Jim is the chief executive officer of Armory, Inc. He is a transformational B2B software executive with substantial global experience scaling companies from startup to mid-cap. He was previously president and CEO of Wind River, of CodeGear and ReShape Inc., and held various executive leadership roles at Cadence.

For many software companies, big releases are still the norm. The fanfare around the release of major versions is still a great marketing tool for relaunching or refreshing a brand. And these releases still contain bugs customers must endure until next year’s major new version — if they don’t take their business elsewhere.

However, many software dev teams have adopted the continuous delivery (CD) or progressive delivery (PD) methodology, instantly shipping their code to production.

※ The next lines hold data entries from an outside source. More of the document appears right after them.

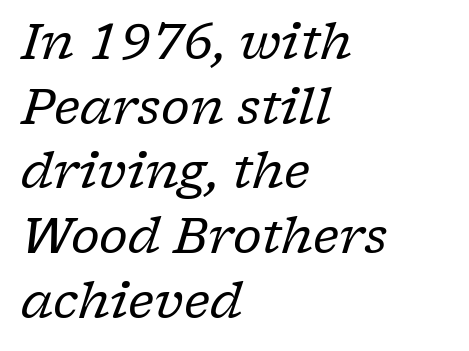
Q: Is the text bold? A: No.
Q: Is the text italic (slanted)? A: Yes, it leans right by about 17 degrees.
Q: Is the typeface a serif or a sans-serif typeface? A: Serif.
Q: Is the text underlined? A: No.
Q: How is the paragraph aligned? A: Left-aligned.
Q: Is the spacing between letters normal or unusually wide? A: Normal.
Q: Is the spacing between lines tight, normal or loose? A: Normal.
Q: Width (condensed, normal, or wide)? A: Normal.
Q: Stroke contrast? A: Low.
Q: x-height? A: Medium.
Q: Monospaced? A: No.
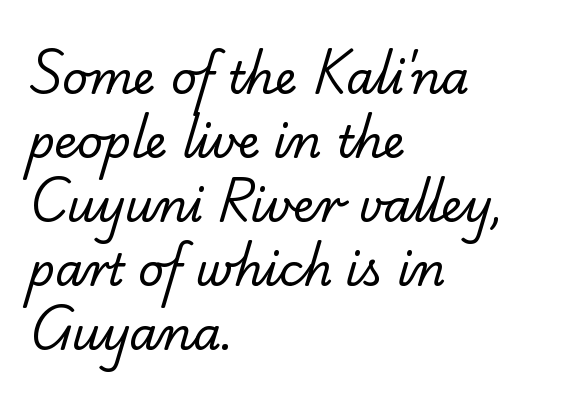
Q: Is the text bold? A: No.
Q: Is the text underlined? A: No.
Q: How is the paragraph aligned? A: Left-aligned.
Q: Is the spacing between letters normal or unusually wide? A: Normal.
Q: Is the spacing between lines tight, normal or loose? A: Normal.
Q: Width (condensed, normal, or wide)? A: Normal.
Q: Stroke contrast? A: Low.
Q: x-height? A: Small.
Q: Monospaced? A: No.
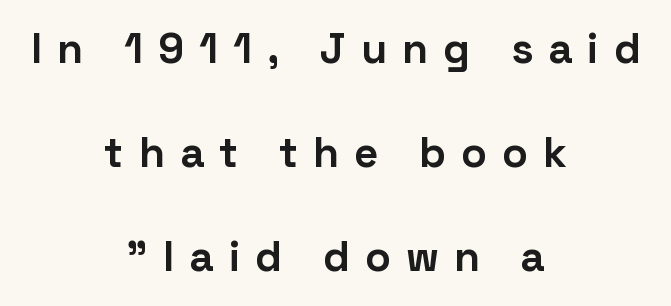
{"serif": "no", "italic": "no", "bold": "yes", "weight": "bold", "width": "normal", "stroke_contrast": "low", "x_height": "medium", "monospaced": "no", "underline": "no", "align": "center", "line_spacing": "loose", "line_spacing_ratio": 2.48, "letter_spacing": "wide", "letter_spacing_em": 0.36, "glyph_px": 42}
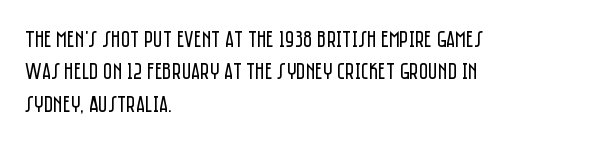
The tracking reads as untouched default to a designer's eye. Layout note: lines flush left. Students, observe: this is what conventionally led text looks like. Underline: absent.
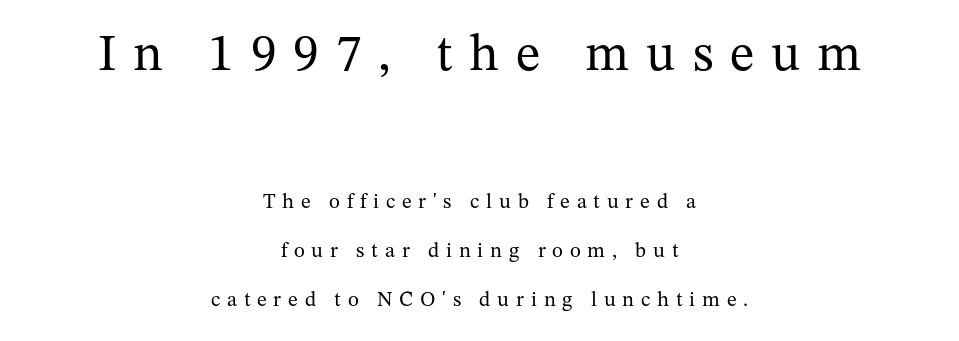
The image shows 52 px regular-weight serif type, upright; set centered, loose line spacing (2.32x), unusually wide letter spacing (+0.32 em), not underlined; the first (top) block is 2.48x larger; medium stroke contrast and a medium x-height.
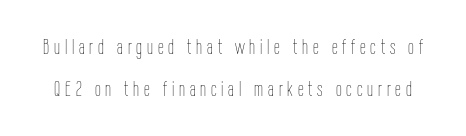
{"italic": "no", "bold": "no", "underline": "no", "line_spacing": "loose", "line_spacing_ratio": 1.99, "letter_spacing": "wide", "letter_spacing_em": 0.23, "glyph_px": 21}
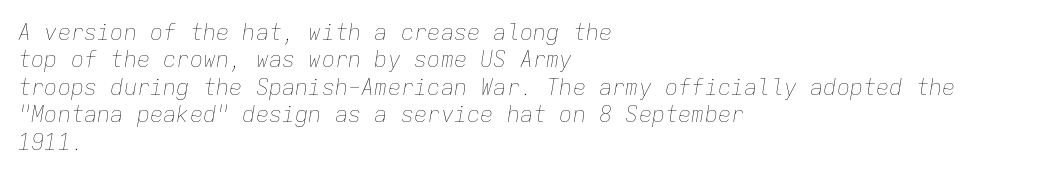
{"italic": "yes", "lean": "right", "slant_degrees": 9, "bold": "no", "underline": "no", "align": "left", "line_spacing": "normal", "line_spacing_ratio": 1.25, "letter_spacing": "normal", "letter_spacing_em": 0.0, "glyph_px": 22}
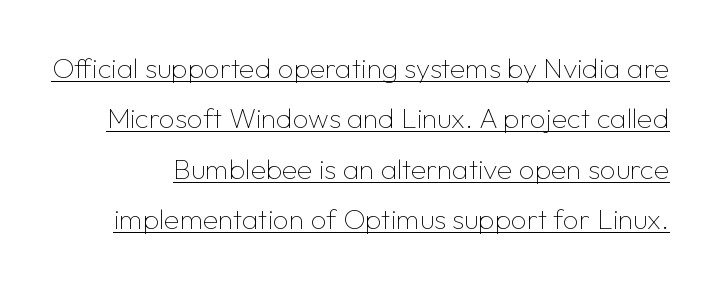
The image shows 28 px thin sans-serif type, upright; set line spacing 1.8x, normal letter spacing, underlined; low stroke contrast and a medium x-height.
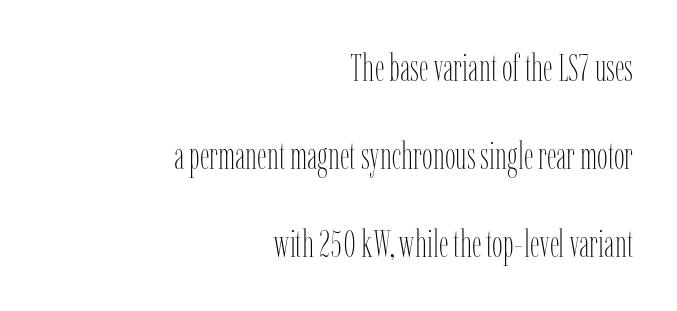
The image shows 38 px thin, condensed type, upright; set right-aligned, loose line spacing (2.31x), normal letter spacing, not underlined; low stroke contrast and a medium x-height.
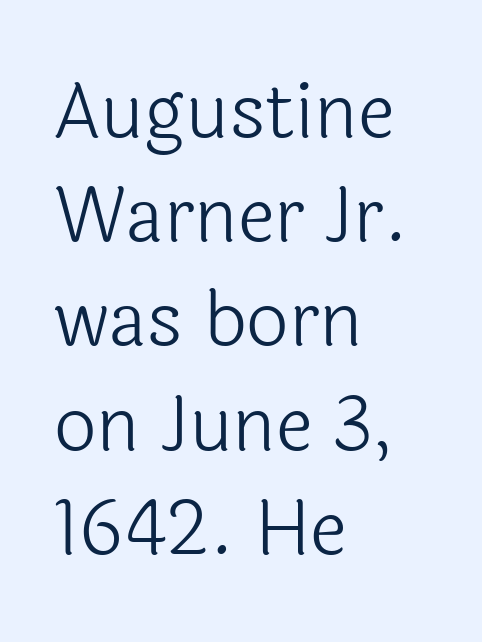
{"serif": "no", "italic": "no", "bold": "no", "weight": "light", "width": "normal", "x_height": "medium", "monospaced": "no", "underline": "no", "align": "left", "line_spacing": "normal", "line_spacing_ratio": 1.39, "letter_spacing": "normal", "letter_spacing_em": 0.0, "glyph_px": 75}
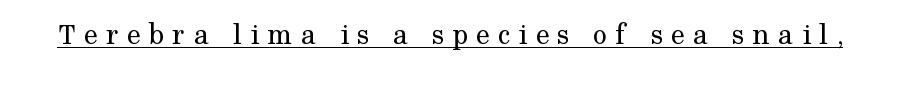
Q: Is the text bold? A: No.
Q: Is the text italic (slanted)? A: No, it is upright.
Q: Is the typeface a serif or a sans-serif typeface? A: Serif.
Q: Is the text underlined? A: Yes.
Q: Is the spacing between letters normal or unusually wide? A: Unusually wide.
Q: Width (condensed, normal, or wide)? A: Normal.
Q: Stroke contrast? A: Medium.
Q: x-height? A: Medium.
Q: Monospaced? A: No.
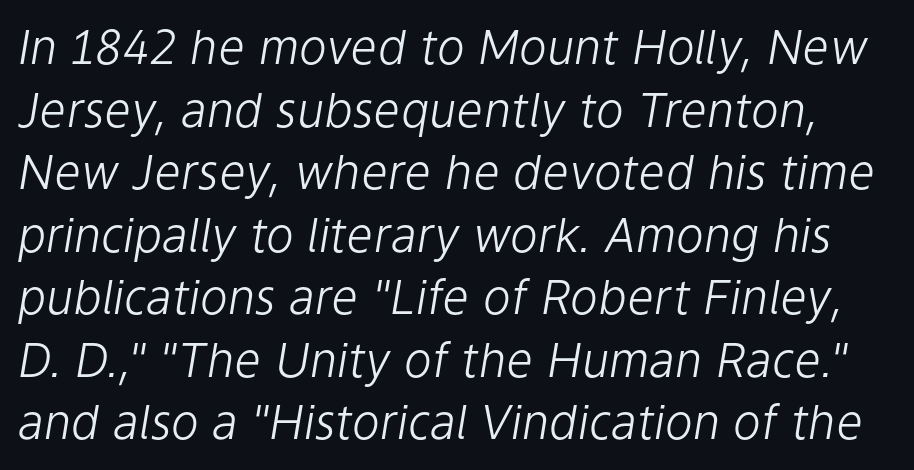
Each stroke keeps to a modest, everyday thickness or less. This sample uses plain, unmodified letter spacing. The zone under the glyphs is completely vacant. The letters advance in unequal steps, a hallmark of proportional type. Looking at the ascenders, they clearly lean. The rows are spaced the way most documents space them.
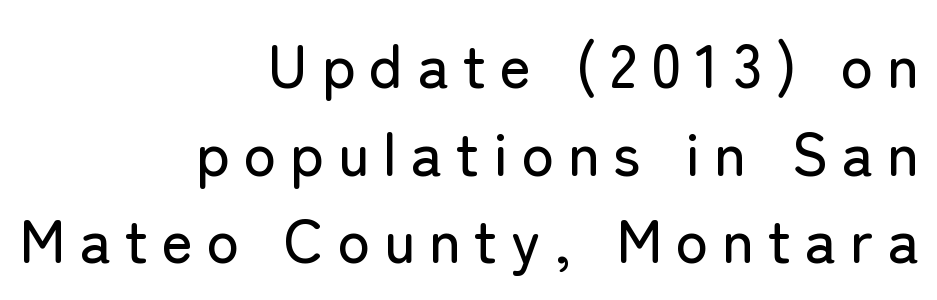
{"serif": "no", "italic": "no", "width": "normal", "stroke_contrast": "low", "x_height": "medium", "monospaced": "no", "underline": "no", "align": "right", "line_spacing": "normal", "line_spacing_ratio": 1.46, "letter_spacing": "wide", "letter_spacing_em": 0.23, "glyph_px": 60}
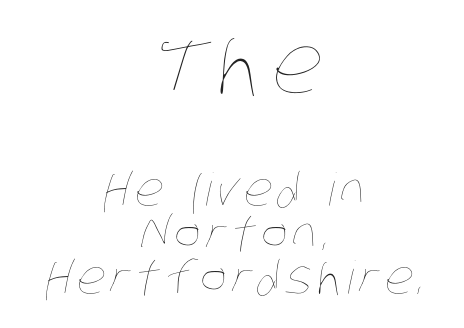
The image shows 79 px thin, condensed type; set centered, tight line spacing (0.98x), not underlined; the first (top) block is 1.76x larger; low stroke contrast and a large x-height.
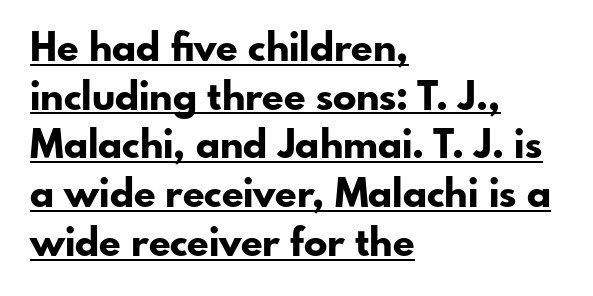
Q: Is the text bold? A: Yes.
Q: Is the text italic (slanted)? A: No, it is upright.
Q: Is the typeface a serif or a sans-serif typeface? A: Sans-serif.
Q: Is the text underlined? A: Yes.
Q: How is the paragraph aligned? A: Left-aligned.
Q: Is the spacing between letters normal or unusually wide? A: Normal.
Q: Is the spacing between lines tight, normal or loose? A: Normal.
Q: Width (condensed, normal, or wide)? A: Normal.
Q: Stroke contrast? A: Low.
Q: x-height? A: Small.
Q: Monospaced? A: No.
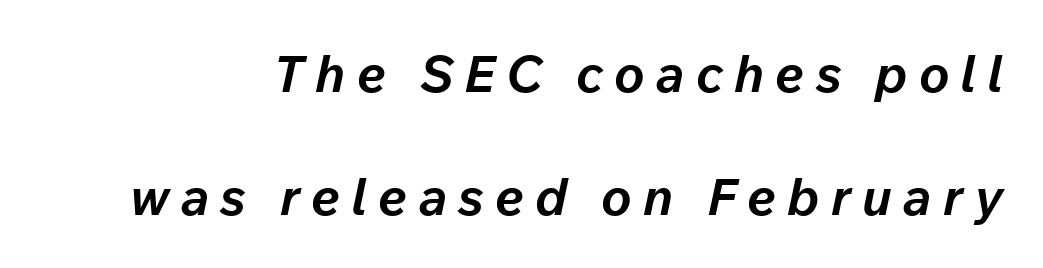
{"italic": "yes", "lean": "right", "slant_degrees": 12, "bold": "yes", "weight": "bold", "width": "normal", "stroke_contrast": "low", "x_height": "medium", "monospaced": "no", "underline": "no", "line_spacing": "loose", "line_spacing_ratio": 2.41, "letter_spacing": "wide", "letter_spacing_em": 0.22, "glyph_px": 51}
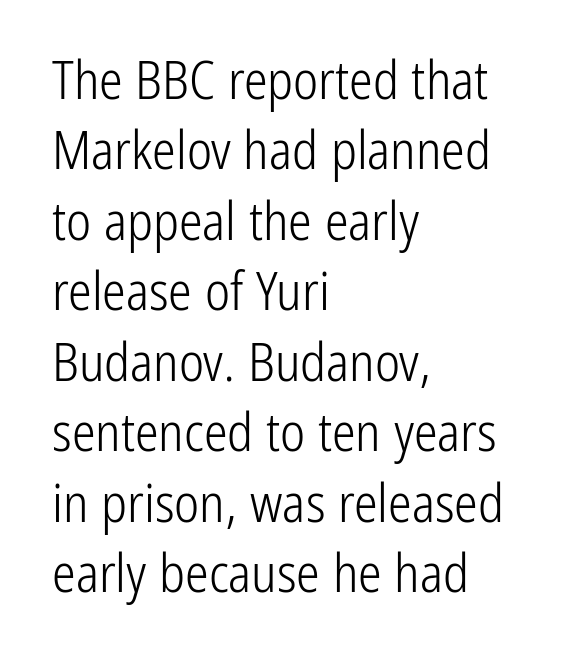
Q: Is the text bold? A: No.
Q: Is the text italic (slanted)? A: No, it is upright.
Q: Is the typeface a serif or a sans-serif typeface? A: Sans-serif.
Q: Is the text underlined? A: No.
Q: How is the paragraph aligned? A: Left-aligned.
Q: Is the spacing between letters normal or unusually wide? A: Normal.
Q: Is the spacing between lines tight, normal or loose? A: Normal.
Q: Width (condensed, normal, or wide)? A: Condensed.
Q: Stroke contrast? A: Low.
Q: x-height? A: Medium.
Q: Monospaced? A: No.
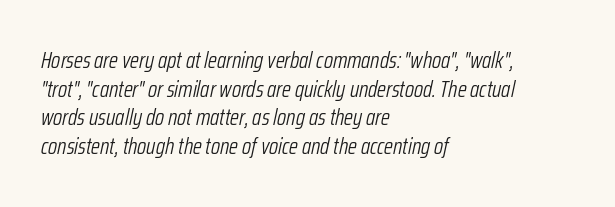
The image shows 23 px text type, italic (leaning right); set left-aligned, normal line spacing (1.25x), normal letter spacing, not underlined.
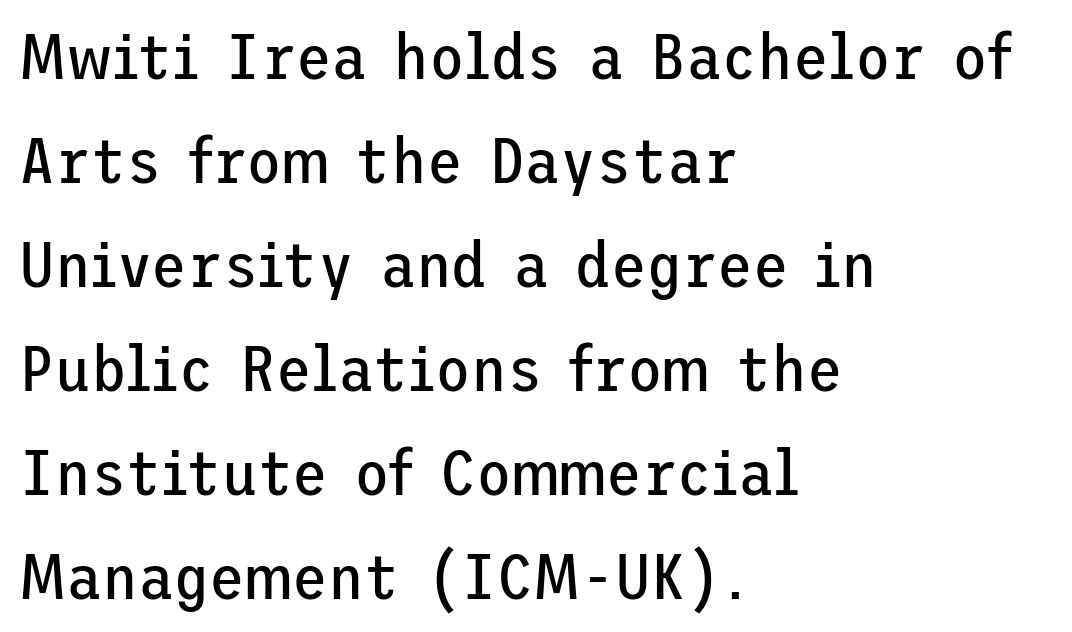
When letters stand straight like this, we call the style roman or upright. Are there feet on the stems? There aren't — it's a sans. Does the copy run flush right? No — it runs flush left. Underlining? Definitely not there. Stem width sits at or under what a default text font uses. Look at the tracking — it's just the regular setting, nothing added.
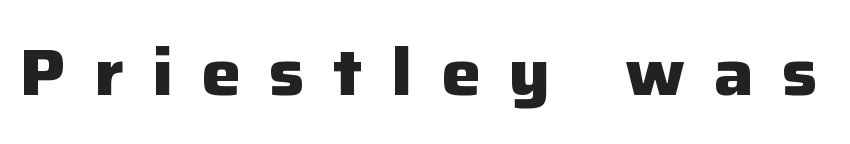
The space directly below the letters is spotless. Observe the wide spacing: letters keep a clear distance from each other. Notice how the stems are strictly vertical — no italics here. Students, this is bold: see how much ink each stroke carries. Examine the stroke ends and you'll find no serifs. A typesetter would call this proportional, since set widths differ per character.
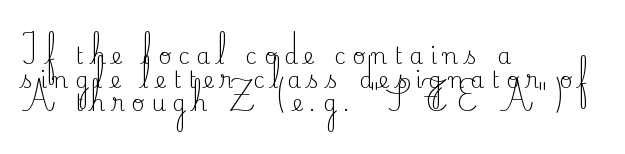
Very little white space separates one row of letters from the next. What stands out about the letter spacing? Its width — letters are far apart. A roman cut, with each character standing at attention. Descenders hang freely into open space.
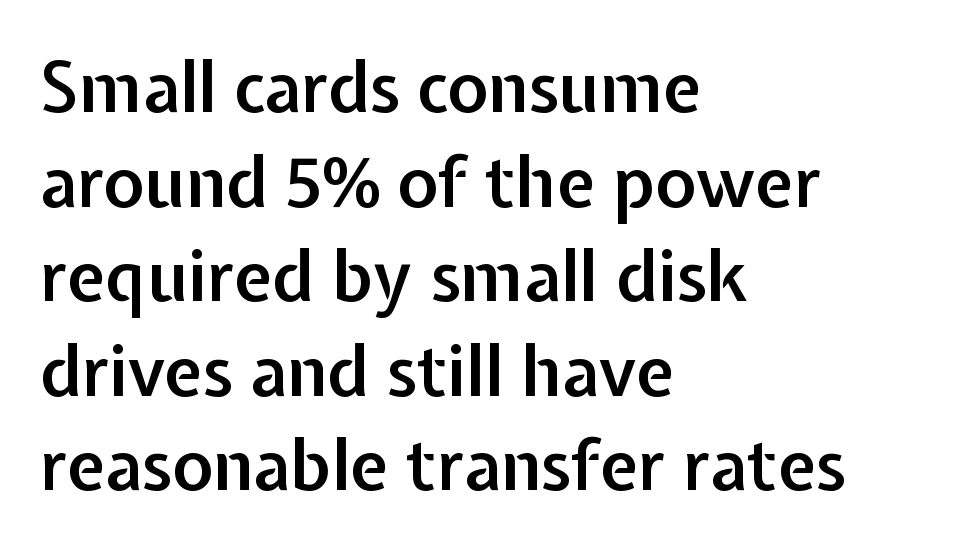
Students, this is semibold: more ink than regular, less than bold. Short and long lines alike share a common starting point at left. Here the designer chose a conventional face with non-uniform glyph widths. Between one letter and the next there's only the usual sliver of space. The glyphs are unaccompanied by any horizontal stroke below them.
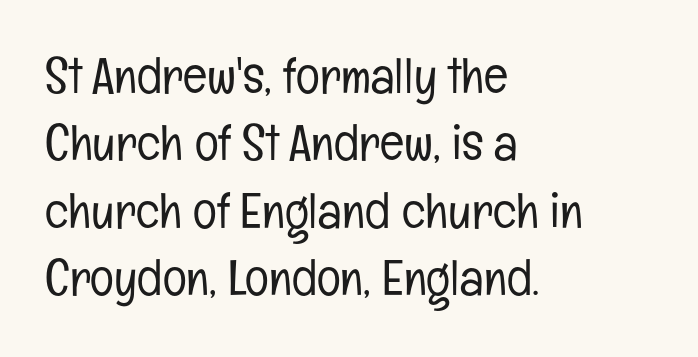
{"serif": "no", "italic": "no", "bold": "no", "weight": "light", "width": "condensed", "stroke_contrast": "low", "x_height": "medium", "monospaced": "no", "underline": "no", "align": "left", "line_spacing": "normal", "line_spacing_ratio": 1.35, "letter_spacing": "normal", "letter_spacing_em": 0.0, "glyph_px": 50}

New features and fixes arrive automatically on the user’s device as frequent updates. That bug users complain about today might even be fixed next week and forgotten not long after.

Companies that embrace CD and PD have deployments that are, well, just more boring. When these software makers fix bugs quickly and add new features frequently, customers stay happy, and the releases remain drama-free.

The Importance of Automation

Keeping your software in a releasable state is essential to CD. An automated CD pipeline gives you the confidence to increase your feature delivery cadence and reap the benefits of swift feedback loops and high codebase quality. Problems tend to rear their heads early, and studies link CD to increased productivity.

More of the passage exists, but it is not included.